Interesting facts about bees
Not all bees produce honey
Surprisingly enough, only seven of the more than 20,000 species of bees produce honey.
It is not easy to produce honey
Although western honey bees are capable of producing 1.6 million tons of honey each year, this does not mean that their production is easy.
In fact, to produce a kilo of honey, it is necessary for the bees to collect the nectar equivalent to a total of four million visits to different flowers.
Daisies are its favorite flowers
Daisies are one of the favorite flowers of pollinating bees; the reason: daisies bloom most of the year.
The importance of bees
More than 75% of the world's food crops depend on the success of the work of pollinators (bees, wasps, butterflies, birds, moths, beetles, bats, etc.). These not only contribute to food security in the world, but also function as natural alarms of the health of local ecosystems.
The sense of orientation in bees
How is it possible for a worker bee to know exactly where its hive is despite being so far away during its collecting flights? Simple, bees have a fairly developed sense of orientation, which allows them to orient themselves thanks to solar movements.

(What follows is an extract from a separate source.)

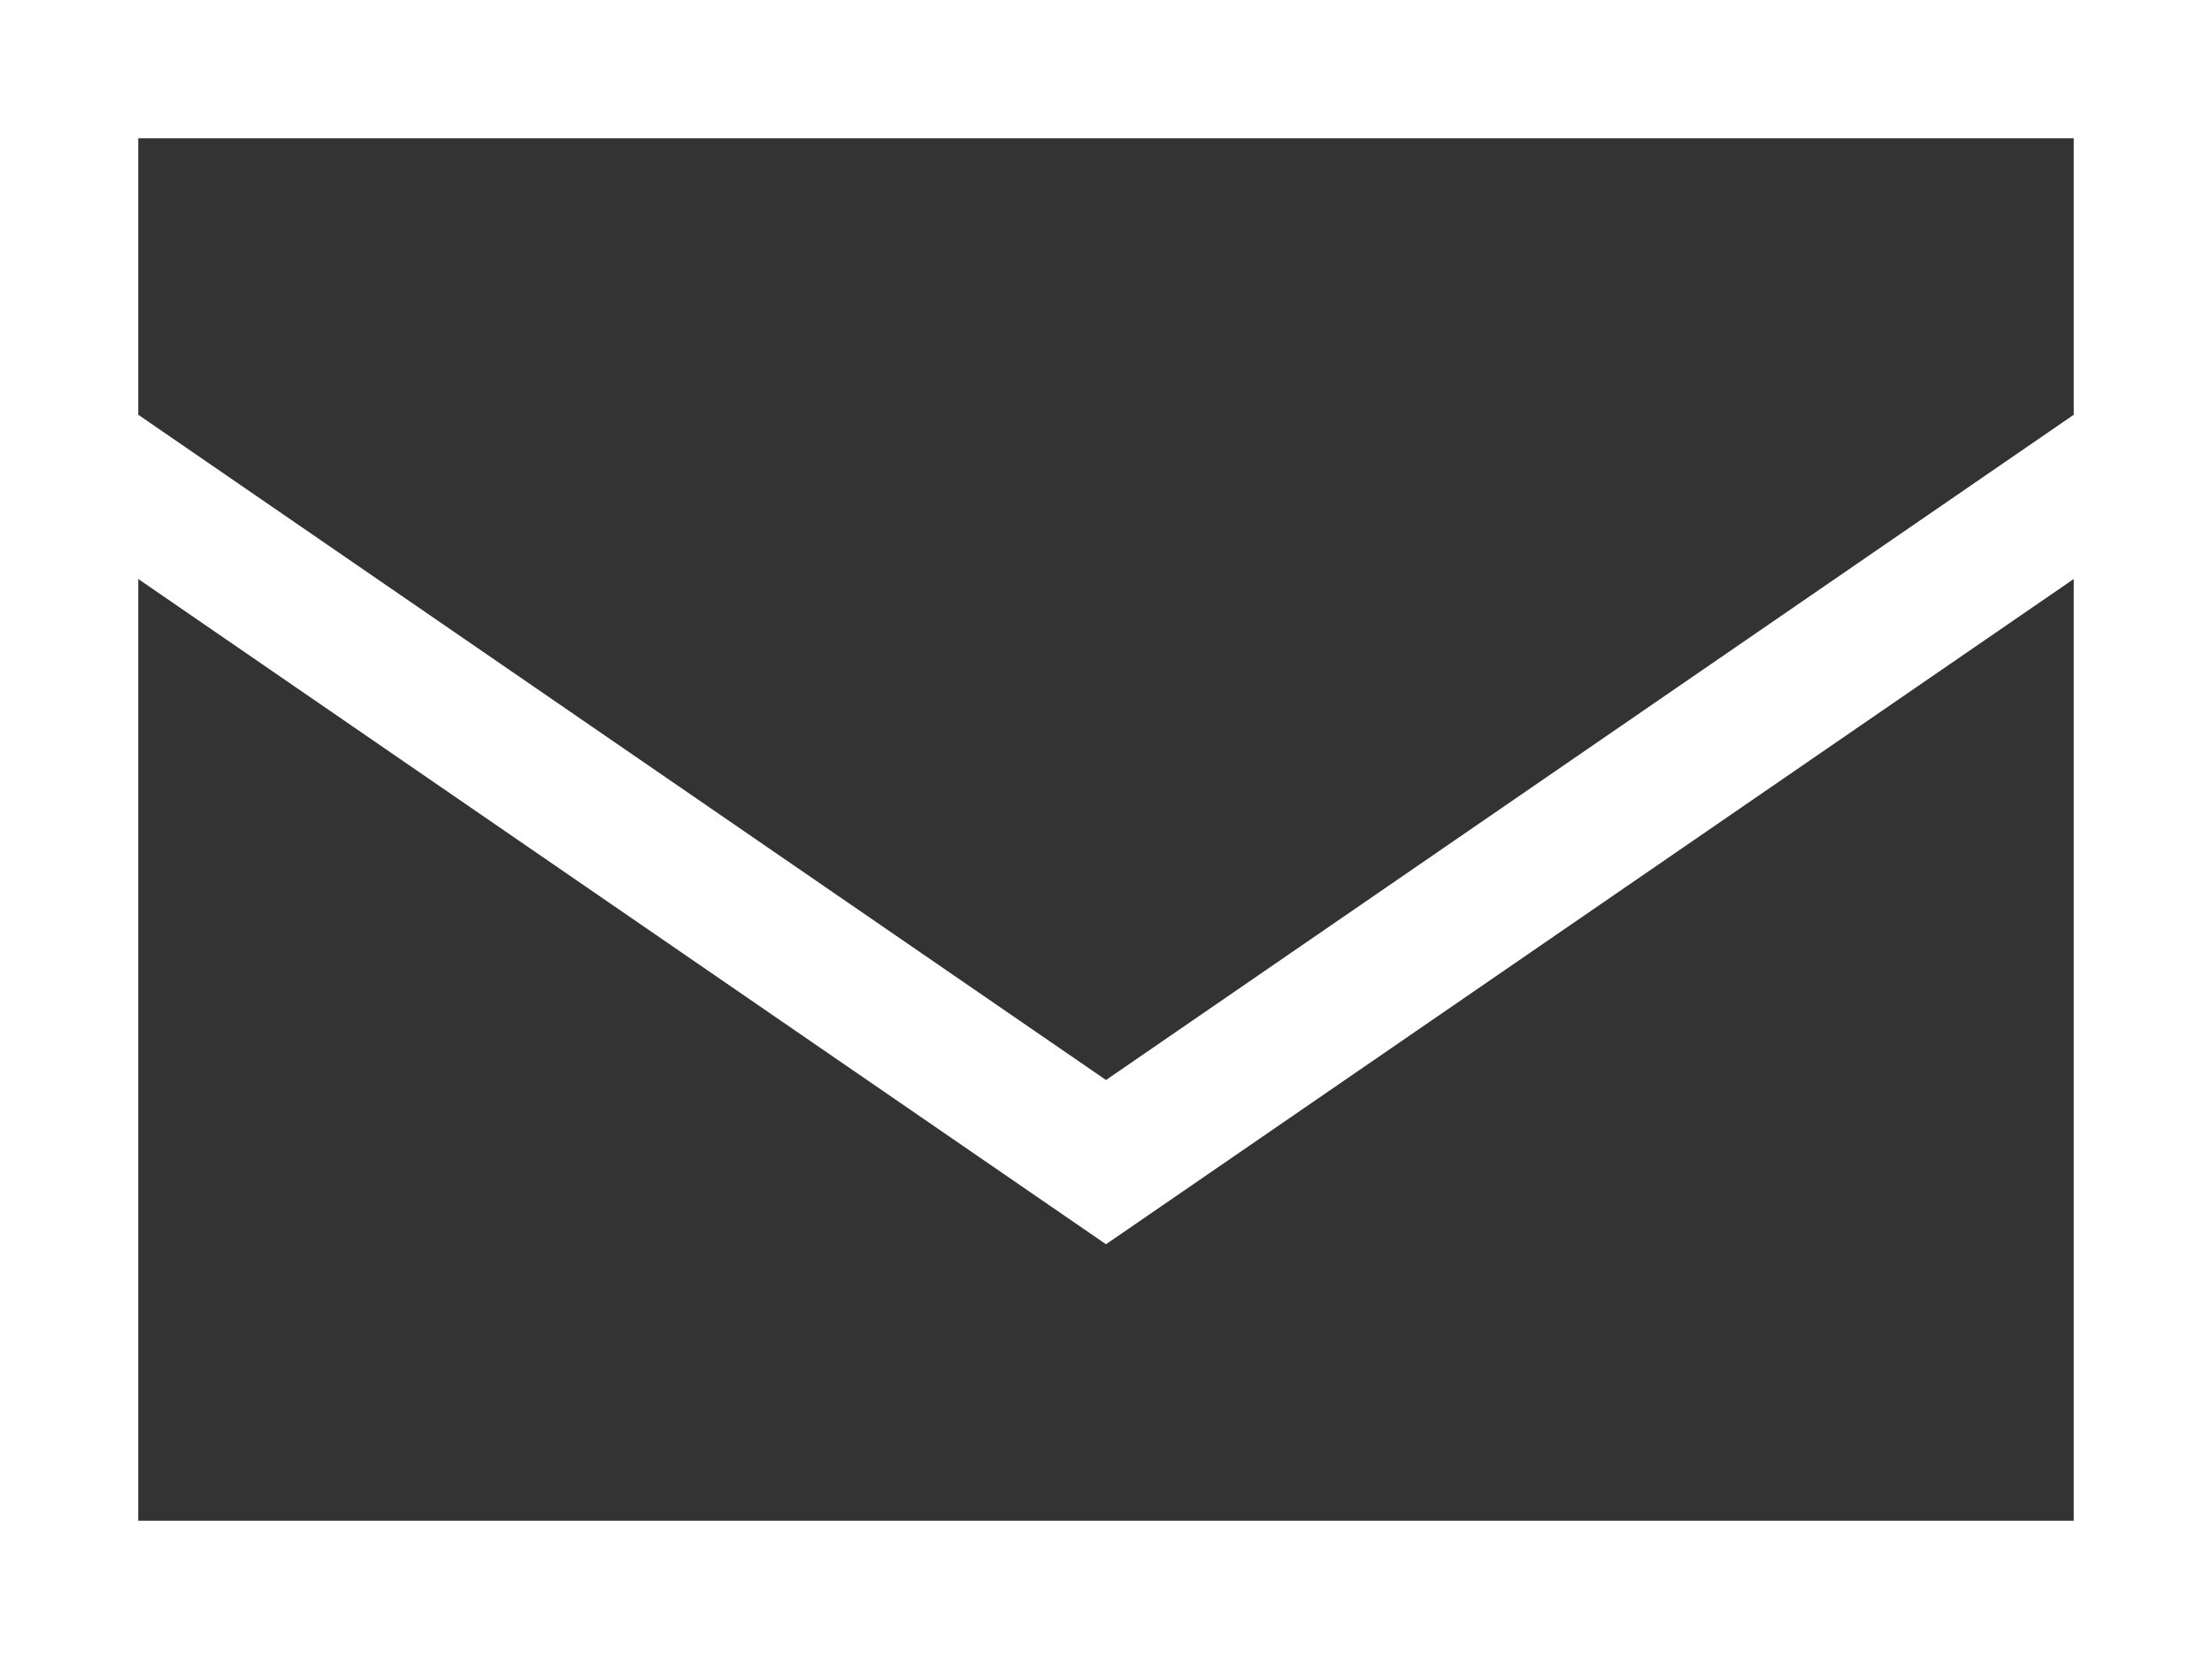 <svg width="16" height="12" viewBox="0 0 16 12" fill="none" xmlns="http://www.w3.org/2000/svg">
<rect x="0" y="0" width="16" height="12" fill="#333333" stroke="none"/>
<path d="M1 3L8 7.812L15 3V1H1V3ZM15 4.188L8 9L1 4.188V11H15V4.188ZM0 0H16V12H0V0Z" fill="white"/>
</svg>

The queen bee is not the one who has the last word
In a domestic bee hive, it is not the queen bee who has the last word. In reality, it is the worker bees who make the most important decisions. The latter decide which worker bee will become the next queen and, also, whether the queen bee should continue to live or if, on the contrary, it should be killed for the good of the hive.
The History of the bee
Due to the fact that humans get honey from different species of bees, a few millennia ago, people have decided to start with beekeeping. There is evidence that beekeeping was an important part of agriculture in Ancient Egypt. In addition, to honey, bees (honey bees) provide propolis, royal jelly, and beeswax.